Council of Jewish Communities of Morocco
- Formation: 1947
- Headquarters: Rabat, Morocco
- Secretary General: Serge Berdugo
- Website: mimouna.ma

= Council of Jewish Communities of Morocco =

Organization

The Council of Jewish Communities of Morocco (Conseil des Communautés Israélites du Maroc, abbreviated CCIM) is a central organization for Moroccan Jews established in 1947 during the French protectorate, in the context of the colonial government's post-World War II reforms attempting to quell the Jewish youth leadership's calls for democracy and self-expression.

== History ==
In 1918, the French colonial administration recognized local Jewish community councils. In 1931, they were given a legal personality.

The Dahir of 1918, which first organized the Jewish courts and established a legal organization for the Jewish communities in Morocco, was replaced the Dahir of 1945, which democratized the internal political process of the Jewish communities. It called for yearly meetings of the leaders of the country's Jewish communities to discuss their common issues, and the CCMI was the organ through which those discussions took place.
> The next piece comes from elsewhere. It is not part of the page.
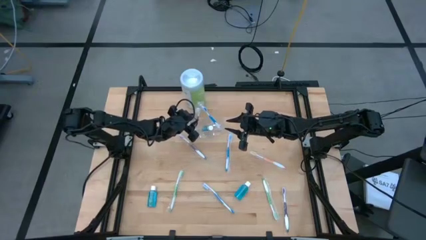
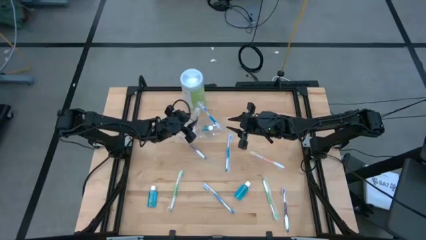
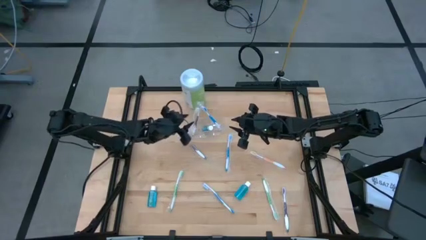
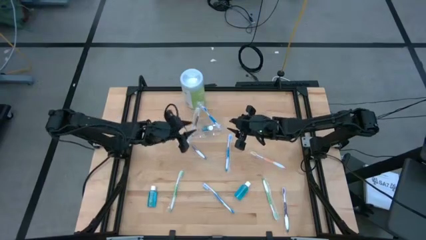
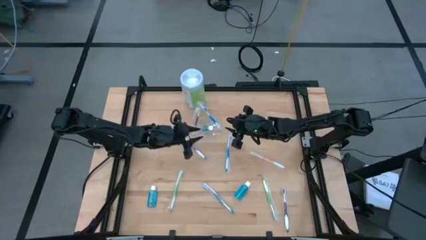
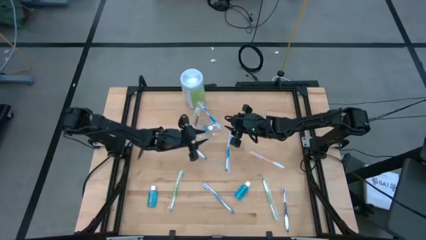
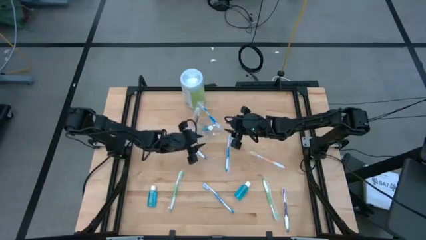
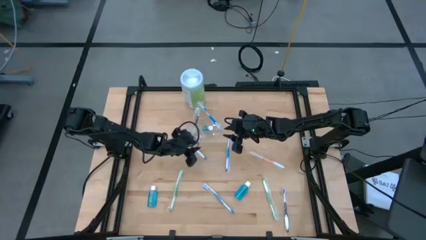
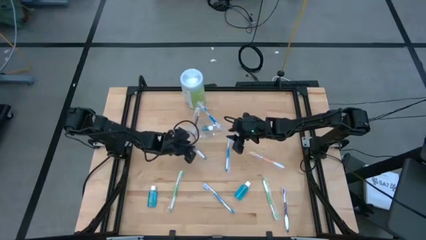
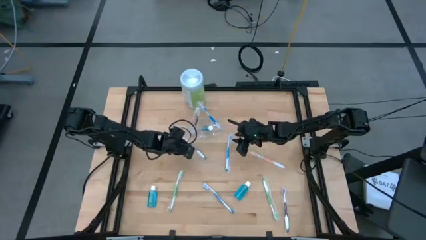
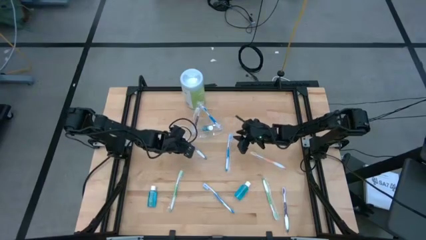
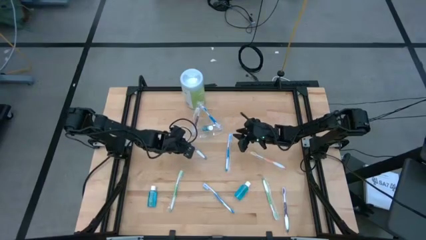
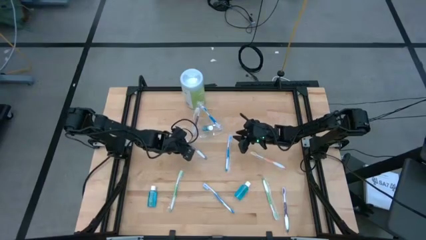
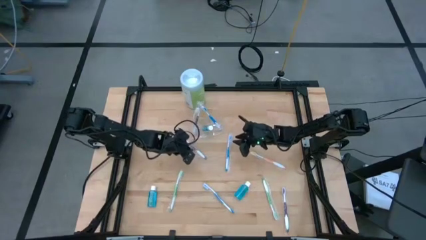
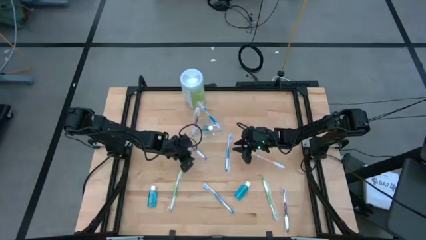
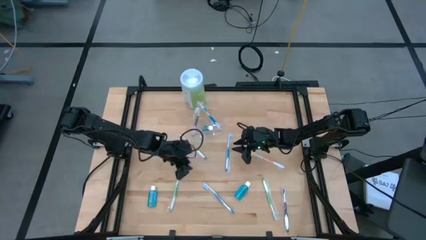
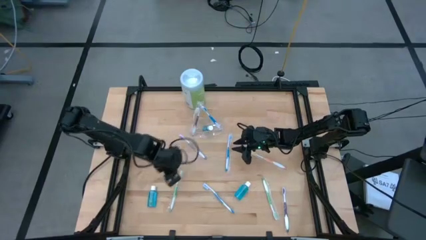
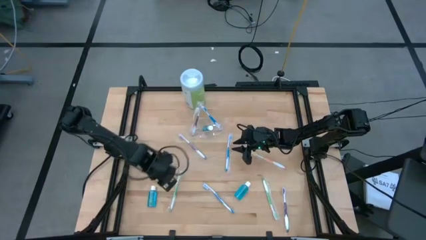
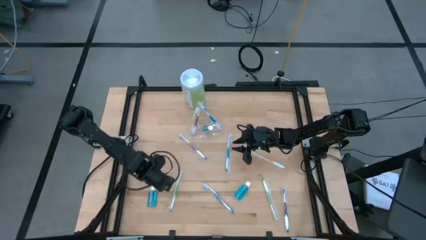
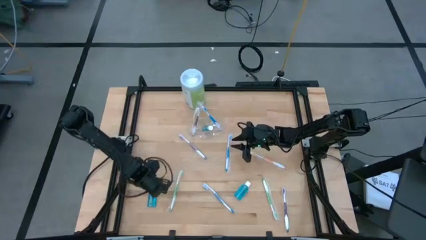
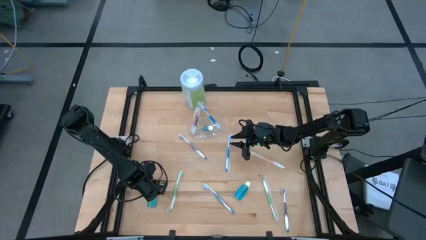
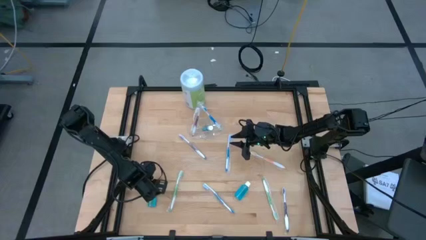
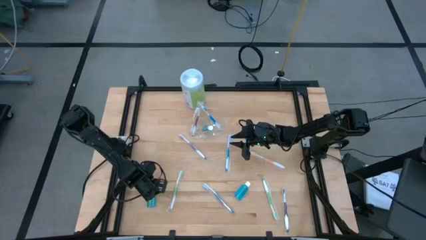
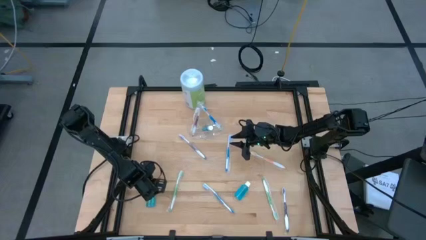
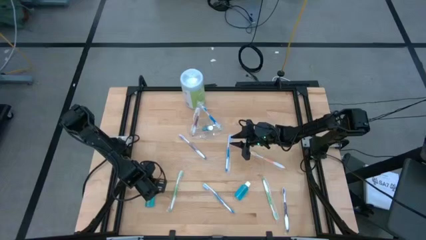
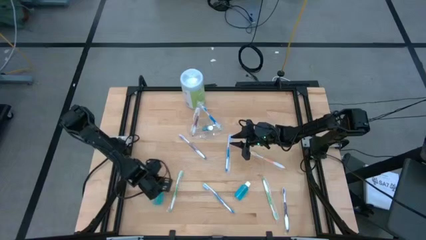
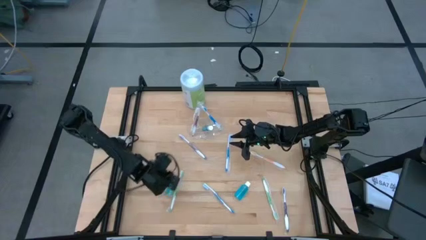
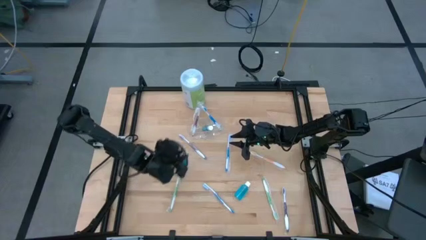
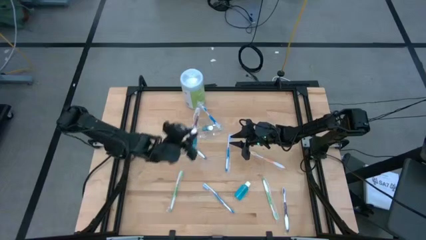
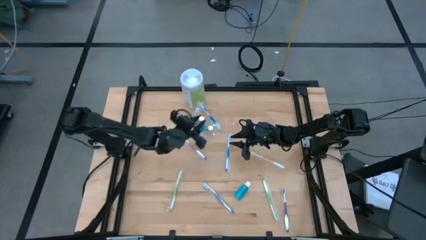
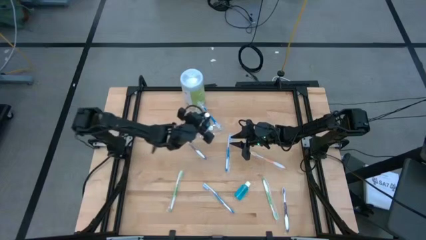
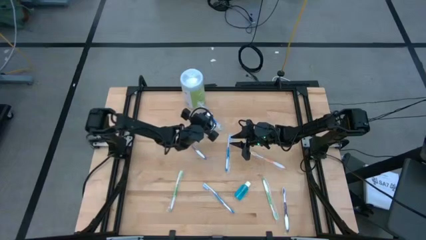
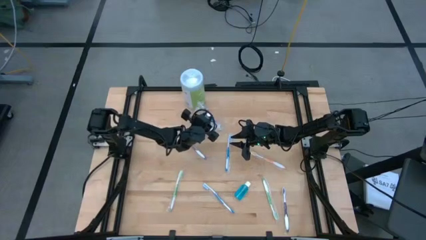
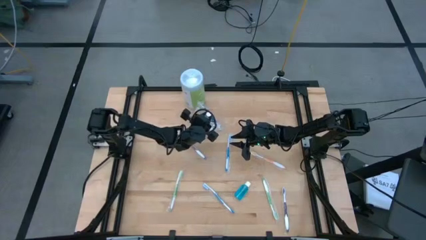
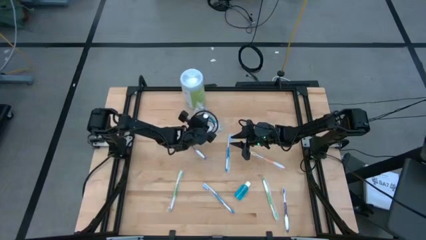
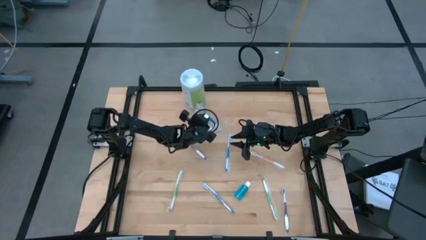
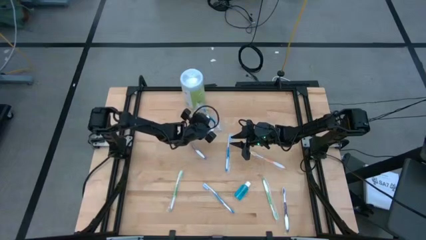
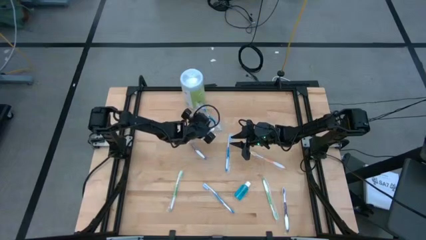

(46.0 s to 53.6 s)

The French placed Jewish supporters loyal to them, such as Jacques Dahan, at the leadership of the council, mediating between the interests of the French government and the Jewish community. The organization published La Voix des communautés, a monthly newspaper representing the mainstream views of the Westernized class of Moroccan Jews.

In the 1950s, Samuel-Daniel Levy and the Council of Jewish Communities of Morocco established the Sanatorium Israélite Ben Ahmed, a sanatorium dedicated to Jewish patients with tuberculosis in Ben Ahmed.

The leadership of the council was replaced in 1956 with the end of the French protectorate. In 1961, with the coronation of Hassan II, David Amar assumed leadership of the council 1957-1974 and 1977 - 1987 . This period coincided with Operation Yachin, when the majority of Moroccan Jews migrated to Israel.

Under Serge Berdugo, and after the emigration of the majority of the Moroccan Jewish population, the CCIM assumed the responsibility of maintaining Jewish historical sites and holy places and of promoting Morocco's Jewish heritage. In July 2022, secretary-general of the CCIM Serge Berdugo expressed the recognition and pride in the measures reorganizing the Jewish community in Morocco taken by the royal cabinet of King Mohammed VI.